We read with much interest the recent publication in this journal by Haer-Wigman and colleagues on the diagnostic analysis of the OPN1LW-OPN1MW gene cluster¹. We appreciate the adaptation and implementation of novel technologies like Multiplex Ligation-Dependent Probe Amplification (MLPA), Long-Read Sequencing, and Optical Genome Mapping (OGM) applied by the authors to address the difficulties in genetic diagnostic analysis of the OPN1LW-OPN1MW gene cluster. These difficulties are due to the high sequence similarity of the OPN1LW and OPN1MW genes including intronic as well as intergenic sequences, shared sequence variants occurring in both genes, the presence of OPN1LWxOPN1MW or OPN1MWxOPN1LW hybrid genes, and gene copy number variability. In fact, the OPN1LW-OPN1MW gene cluster is a series of segmental duplications (SDs) arranged as tandem low copy repeats with a unit size of about 39 kb². Prior studies have shown that the probability of expression of a specific gene copy within the OPN1LW-OPN1MW gene cluster depends on its distance to the upstream locus control region (LCR), an enhancer element which is essential for the expression of the OPN1LW and OPN1MW genes^3,4. This gradient in expression of gene copies is responsible for that only the first two, most proximal gene copies are relevant for the color vision or cone dysfunction phenotype linked to deleterious variants or structural rearrangements in the OPN1LW and/or OPN1MW genes⁵. Thus, the actual order of gene copies and the corresponding location of deleterious variants is of eminent importance for a reliable and non-ambiguous genetic diagnostic in subjects with more than two opsin gene copies. The latter is rather common. In fact, we observed a mean opsin gene copy number of 3.31 for unaffected males⁶, and we encounter more than two gene copies in the majority of subjects for which genetic testing of the OPN1LW-OPN1MW gene locus is inquired in our laboratory based on a provisionally clinical diagnosis of cone dystrophy, achromatopsia, Bornholm Eye Disease (BED) or Blue Cone Monochromacy (BCM). We therefore well appreciate any technical progress that enables to decipher the exact order of distal OPN1MW or OPN1MW/LW hybrid gene copies.

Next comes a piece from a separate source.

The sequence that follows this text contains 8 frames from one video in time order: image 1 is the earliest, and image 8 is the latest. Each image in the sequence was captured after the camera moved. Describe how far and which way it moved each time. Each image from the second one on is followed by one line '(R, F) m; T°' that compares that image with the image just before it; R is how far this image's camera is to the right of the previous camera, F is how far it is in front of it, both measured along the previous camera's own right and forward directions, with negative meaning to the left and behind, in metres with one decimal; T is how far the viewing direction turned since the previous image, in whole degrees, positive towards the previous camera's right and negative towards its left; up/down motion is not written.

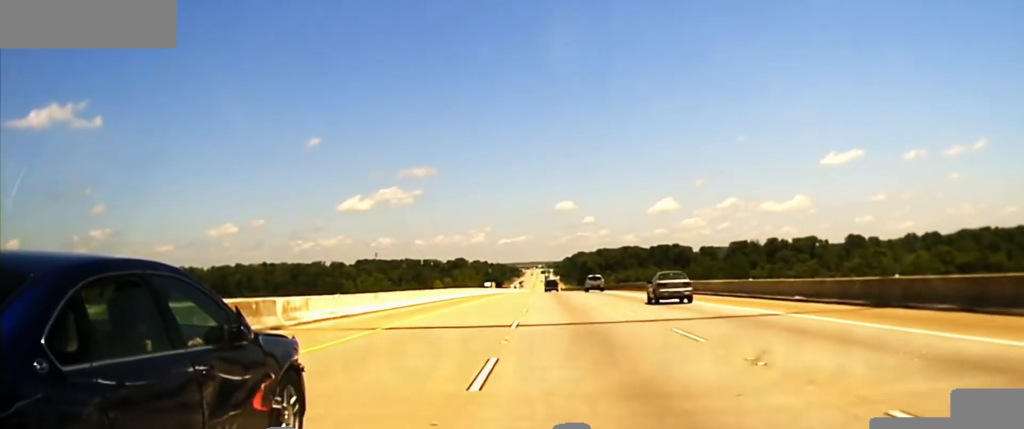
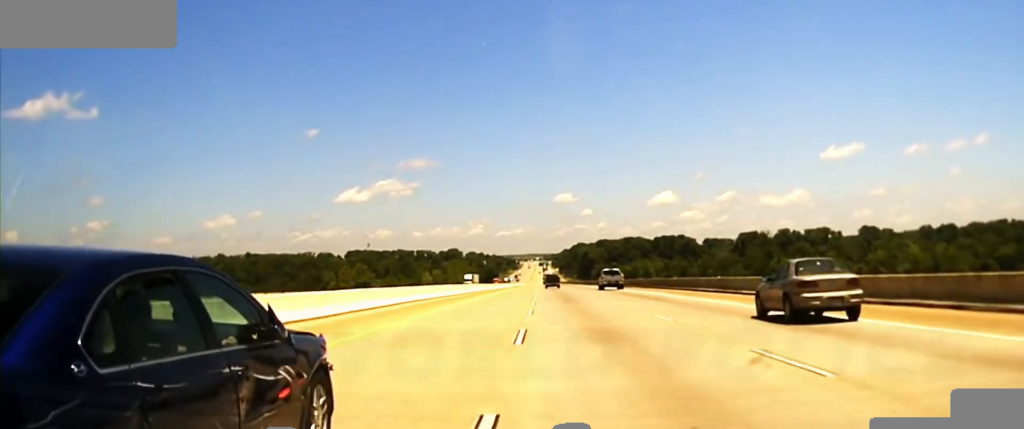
(+0.1, +36.6) m; 0°
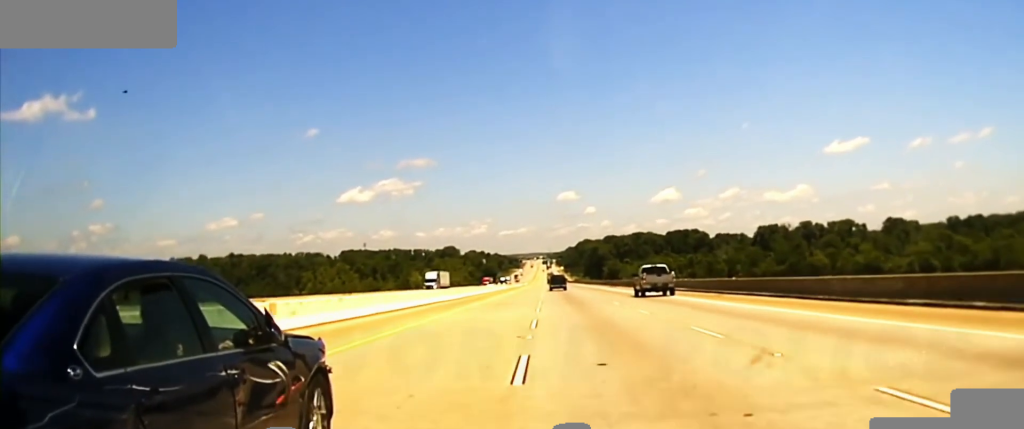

Haer-Wigman and colleagues proposed a strategy of long-read sequencing of a set of long range PCR amplicons which cover i) the first most proximal gene copy, ii) non-discriminating, the second and all consecutive gene copies, and iii) the last, most distal gene copy. For the latter they used PCR primers of which the reverse primer is said to be unique “…Because the reverse primer of this amplicon is located outside the duplicated region and because in all samples only one of the two earlier detected (hybrid) OPN1MW genes was sequenced (Supplementary Table 1), we assume that the amplicon is specific for the last opsin gene of the cluster. …”. We disagree with this statement since the binding site sequence of their reverse primer is well located within the segmental duplication (SD) region of the OPN1LW-OPN1MW gene cluster although within a 697 bp insertion (Fig. 1, Supplementary Fig. 1, and denoted as SDIns in the following) which has been mapped to the last-but-one SD copy of the gene cluster in the hg38 genome assembly and the terminal SD copy of the gene cluster in the T2T CHM13.2.0 assembly.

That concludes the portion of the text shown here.